(DATA TO EXAMINE)

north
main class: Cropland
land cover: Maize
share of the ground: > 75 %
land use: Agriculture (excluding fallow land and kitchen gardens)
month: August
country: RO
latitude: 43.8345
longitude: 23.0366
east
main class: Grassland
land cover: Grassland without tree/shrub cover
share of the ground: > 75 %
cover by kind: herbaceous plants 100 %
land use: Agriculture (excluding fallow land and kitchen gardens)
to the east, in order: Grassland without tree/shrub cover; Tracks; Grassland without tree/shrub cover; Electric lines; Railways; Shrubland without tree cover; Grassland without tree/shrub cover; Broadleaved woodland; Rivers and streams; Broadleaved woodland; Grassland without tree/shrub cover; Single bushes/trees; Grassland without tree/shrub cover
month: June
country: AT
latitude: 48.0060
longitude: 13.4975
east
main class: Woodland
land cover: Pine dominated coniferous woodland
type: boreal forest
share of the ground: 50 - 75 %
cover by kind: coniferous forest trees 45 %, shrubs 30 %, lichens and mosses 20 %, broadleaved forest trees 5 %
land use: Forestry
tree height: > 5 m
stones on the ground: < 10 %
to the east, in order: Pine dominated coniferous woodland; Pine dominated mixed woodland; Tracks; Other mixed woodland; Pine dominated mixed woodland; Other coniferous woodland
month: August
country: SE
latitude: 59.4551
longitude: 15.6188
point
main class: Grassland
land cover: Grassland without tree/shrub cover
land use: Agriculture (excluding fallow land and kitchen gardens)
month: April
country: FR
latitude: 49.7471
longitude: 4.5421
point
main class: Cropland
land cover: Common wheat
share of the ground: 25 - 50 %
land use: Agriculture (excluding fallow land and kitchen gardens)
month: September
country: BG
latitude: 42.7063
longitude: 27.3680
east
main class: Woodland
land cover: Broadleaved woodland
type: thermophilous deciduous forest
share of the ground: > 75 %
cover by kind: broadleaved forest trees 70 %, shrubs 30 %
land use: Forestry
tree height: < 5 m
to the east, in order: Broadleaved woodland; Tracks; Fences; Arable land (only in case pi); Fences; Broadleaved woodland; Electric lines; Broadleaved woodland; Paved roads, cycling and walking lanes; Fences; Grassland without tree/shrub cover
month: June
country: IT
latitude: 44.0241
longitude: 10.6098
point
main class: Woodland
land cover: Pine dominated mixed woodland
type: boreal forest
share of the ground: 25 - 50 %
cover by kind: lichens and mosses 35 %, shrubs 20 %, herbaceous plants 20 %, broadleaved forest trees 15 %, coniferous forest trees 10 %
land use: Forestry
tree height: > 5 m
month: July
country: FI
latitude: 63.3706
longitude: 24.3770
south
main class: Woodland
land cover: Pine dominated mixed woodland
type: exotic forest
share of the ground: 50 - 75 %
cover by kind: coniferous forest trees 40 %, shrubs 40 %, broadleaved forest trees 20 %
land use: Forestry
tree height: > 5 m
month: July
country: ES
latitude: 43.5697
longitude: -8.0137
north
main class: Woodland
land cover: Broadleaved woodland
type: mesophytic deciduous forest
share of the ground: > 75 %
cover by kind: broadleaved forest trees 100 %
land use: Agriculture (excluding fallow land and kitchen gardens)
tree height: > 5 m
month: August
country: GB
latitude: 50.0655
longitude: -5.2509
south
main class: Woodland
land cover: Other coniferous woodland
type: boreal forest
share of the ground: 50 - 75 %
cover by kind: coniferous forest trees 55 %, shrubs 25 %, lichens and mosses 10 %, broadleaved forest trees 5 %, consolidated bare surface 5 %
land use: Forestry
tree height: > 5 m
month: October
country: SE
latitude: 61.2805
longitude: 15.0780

(End DATA TO EXAMINE)

Exactly as written, copy out all the entries above.

north
main class: Cropland
land cover: Maize
share of the ground: > 75 %
land use: Agriculture (excluding fallow land and kitchen gardens)
month: August
country: RO
latitude: 43.8345
longitude: 23.0366
east
main class: Grassland
land cover: Grassland without tree/shrub cover
share of the ground: > 75 %
cover by kind: herbaceous plants 100 %
land use: Agriculture (excluding fallow land and kitchen gardens)
to the east, in order: Grassland without tree/shrub cover; Tracks; Grassland without tree/shrub cover; Electric lines; Railways; Shrubland without tree cover; Grassland without tree/shrub cover; Broadleaved woodland; Rivers and streams; Broadleaved woodland; Grassland without tree/shrub cover; Single bushes/trees; Grassland without tree/shrub cover
month: June
country: AT
latitude: 48.0060
longitude: 13.4975
east
main class: Woodland
land cover: Pine dominated coniferous woodland
type: boreal forest
share of the ground: 50 - 75 %
cover by kind: coniferous forest trees 45 %, shrubs 30 %, lichens and mosses 20 %, broadleaved forest trees 5 %
land use: Forestry
tree height: > 5 m
stones on the ground: < 10 %
to the east, in order: Pine dominated coniferous woodland; Pine dominated mixed woodland; Tracks; Other mixed woodland; Pine dominated mixed woodland; Other coniferous woodland
month: August
country: SE
latitude: 59.4551
longitude: 15.6188
point
main class: Grassland
land cover: Grassland without tree/shrub cover
land use: Agriculture (excluding fallow land and kitchen gardens)
month: April
country: FR
latitude: 49.7471
longitude: 4.5421
point
main class: Cropland
land cover: Common wheat
share of the ground: 25 - 50 %
land use: Agriculture (excluding fallow land and kitchen gardens)
month: September
country: BG
latitude: 42.7063
longitude: 27.3680
east
main class: Woodland
land cover: Broadleaved woodland
type: thermophilous deciduous forest
share of the ground: > 75 %
cover by kind: broadleaved forest trees 70 %, shrubs 30 %
land use: Forestry
tree height: < 5 m
to the east, in order: Broadleaved woodland; Tracks; Fences; Arable land (only in case pi); Fences; Broadleaved woodland; Electric lines; Broadleaved woodland; Paved roads, cycling and walking lanes; Fences; Grassland without tree/shrub cover
month: June
country: IT
latitude: 44.0241
longitude: 10.6098
point
main class: Woodland
land cover: Pine dominated mixed woodland
type: boreal forest
share of the ground: 25 - 50 %
cover by kind: lichens and mosses 35 %, shrubs 20 %, herbaceous plants 20 %, broadleaved forest trees 15 %, coniferous forest trees 10 %
land use: Forestry
tree height: > 5 m
month: July
country: FI
latitude: 63.3706
longitude: 24.3770
south
main class: Woodland
land cover: Pine dominated mixed woodland
type: exotic forest
share of the ground: 50 - 75 %
cover by kind: coniferous forest trees 40 %, shrubs 40 %, broadleaved forest trees 20 %
land use: Forestry
tree height: > 5 m
month: July
country: ES
latitude: 43.5697
longitude: -8.0137
north
main class: Woodland
land cover: Broadleaved woodland
type: mesophytic deciduous forest
share of the ground: > 75 %
cover by kind: broadleaved forest trees 100 %
land use: Agriculture (excluding fallow land and kitchen gardens)
tree height: > 5 m
month: August
country: GB
latitude: 50.0655
longitude: -5.2509
south
main class: Woodland
land cover: Other coniferous woodland
type: boreal forest
share of the ground: 50 - 75 %
cover by kind: coniferous forest trees 55 %, shrubs 25 %, lichens and mosses 10 %, broadleaved forest trees 5 %, consolidated bare surface 5 %
land use: Forestry
tree height: > 5 m
month: October
country: SE
latitude: 61.2805
longitude: 15.0780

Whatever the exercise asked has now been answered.